The Matrix Ressurections and The Vandalised Past

Movies Jul 23, 2024

The Matrix Resurrections is the perfect distillation of Baudrillard’s alleged critique of the first film: at long last, Resurrections is a one to one replica of Baurdrillard’s Desert of The Real and everyone resents it. Except me.

We find Thomas Anderson back on the old treadmill--the inevitable conclusion to the wheel of time rolling ever onward. Anderson suffers from dissociative episodes, having channeled his experiences as Neo into a series of successful video games called The Matrix: “Where better to bury truth than somewhere as ordinary as a video game” [1]. He consults his therapist regularly. After bumping into Tiffany, a woman with striking resemblance to Trinity from his games, Anderson stops taking the blue bills: his quote unquote medication.

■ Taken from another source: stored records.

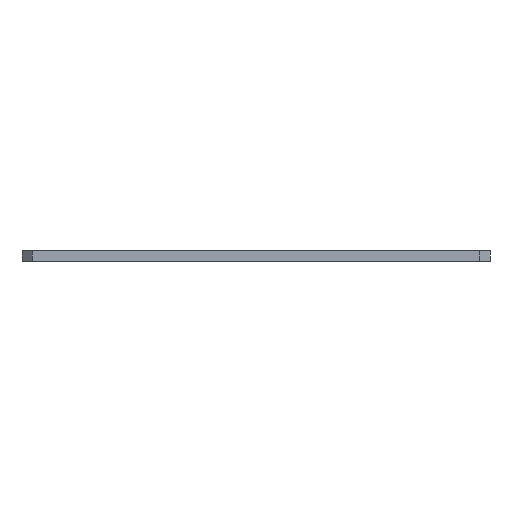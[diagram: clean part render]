
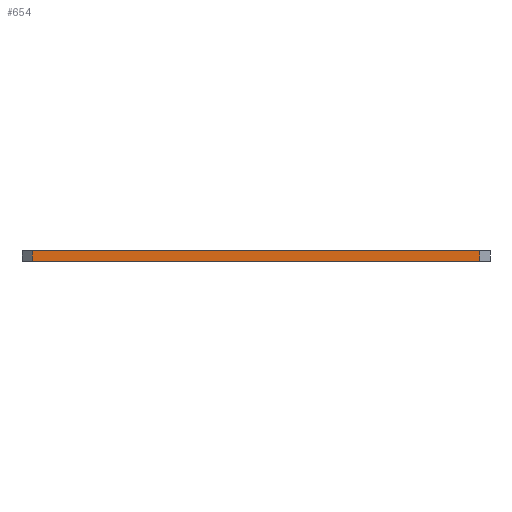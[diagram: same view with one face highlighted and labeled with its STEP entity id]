
A CAD part, front view. The second image highlights one B-rep face of the part: STEP entity #654.
In plain terms, the highlighted planar face has unit normal (0, -1, 0).
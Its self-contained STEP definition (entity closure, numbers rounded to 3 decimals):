
#15 = VERTEX_POINT ( 'NONE', #338 ) ;
#96 = CARTESIAN_POINT ( 'NONE',  ( 88., -90., -2. ) ) ;
#129 = PLANE ( 'NONE',  #140 ) ;
#136 = VERTEX_POINT ( 'NONE', #163 ) ;
#138 = DIRECTION ( 'NONE',  ( 0., 0., 1. ) ) ;
#139 = VECTOR ( 'NONE', #427, 1000. ) ;
#140 = AXIS2_PLACEMENT_3D ( 'NONE', #323, #779, #138 ) ;
#142 = ORIENTED_EDGE ( 'NONE', *, *, #634, .T. ) ;
#157 = VECTOR ( 'NONE', #650, 1000. ) ;
#163 = CARTESIAN_POINT ( 'NONE',  ( 88., -90., 0. ) ) ;
#185 = EDGE_CURVE ( 'NONE', #774, #15, #684, .T. ) ;
#215 = ORIENTED_EDGE ( 'NONE', *, *, #405, .T. ) ;
#312 = DIRECTION ( 'NONE',  ( -1., 0., 0. ) ) ;
#318 = LINE ( 'NONE', #463, #563 ) ;
#323 = CARTESIAN_POINT ( 'NONE',  ( 0., -90., -2. ) ) ;
#338 = CARTESIAN_POINT ( 'NONE',  ( 2., -90., -2. ) ) ;
#346 = VECTOR ( 'NONE', #491, 1000. ) ;
#405 = EDGE_CURVE ( 'NONE', #774, #136, #671, .T. ) ;
#427 = DIRECTION ( 'NONE',  ( -1., 0., 0. ) ) ;
#428 = CARTESIAN_POINT ( 'NONE',  ( 2., -90., -2. ) ) ;
#463 = CARTESIAN_POINT ( 'NONE',  ( 0., -90., 0. ) ) ;
#491 = DIRECTION ( 'NONE',  ( 0., 0., 1. ) ) ;
#526 = FACE_OUTER_BOUND ( 'NONE', #752, .T. ) ;
#563 = VECTOR ( 'NONE', #312, 1000. ) ;
#578 = CARTESIAN_POINT ( 'NONE',  ( 2., -90., 0. ) ) ;
#634 = EDGE_CURVE ( 'NONE', #736, #15, #760, .T. ) ;
#637 = CARTESIAN_POINT ( 'NONE',  ( 0., -90., -2. ) ) ;
#650 = DIRECTION ( 'NONE',  ( 0., 0., -1. ) ) ;
#654 = ADVANCED_FACE ( 'NONE', ( #526 ), #129, .F. ) ;
#671 = LINE ( 'NONE', #817, #346 ) ;
#680 = ORIENTED_EDGE ( 'NONE', *, *, #722, .T. ) ;
#684 = LINE ( 'NONE', #637, #139 ) ;
#722 = EDGE_CURVE ( 'NONE', #136, #736, #318, .T. ) ;
#725 = ORIENTED_EDGE ( 'NONE', *, *, #185, .F. ) ;
#736 = VERTEX_POINT ( 'NONE', #578 ) ;
#752 = EDGE_LOOP ( 'NONE', ( #725, #215, #680, #142 ) ) ;
#760 = LINE ( 'NONE', #428, #157 ) ;
#774 = VERTEX_POINT ( 'NONE', #96 ) ;
#779 = DIRECTION ( 'NONE',  ( 0., 1., 0. ) ) ;
#817 = CARTESIAN_POINT ( 'NONE',  ( 88., -90., -2. ) ) ;

Smith, the colossal hair-gel corporate douche-bro, demands another Matrix game be made, but Anderson doesn’t have the juice or the inclination. Making another would be a tired, heartless exercise. And so where the first trilogy positioned the film against our reality, and the Desert of The Real against the Matrix: the new film positions itself against the previous trilogy, which is positioned against IO, which is positioned against the new Matrix.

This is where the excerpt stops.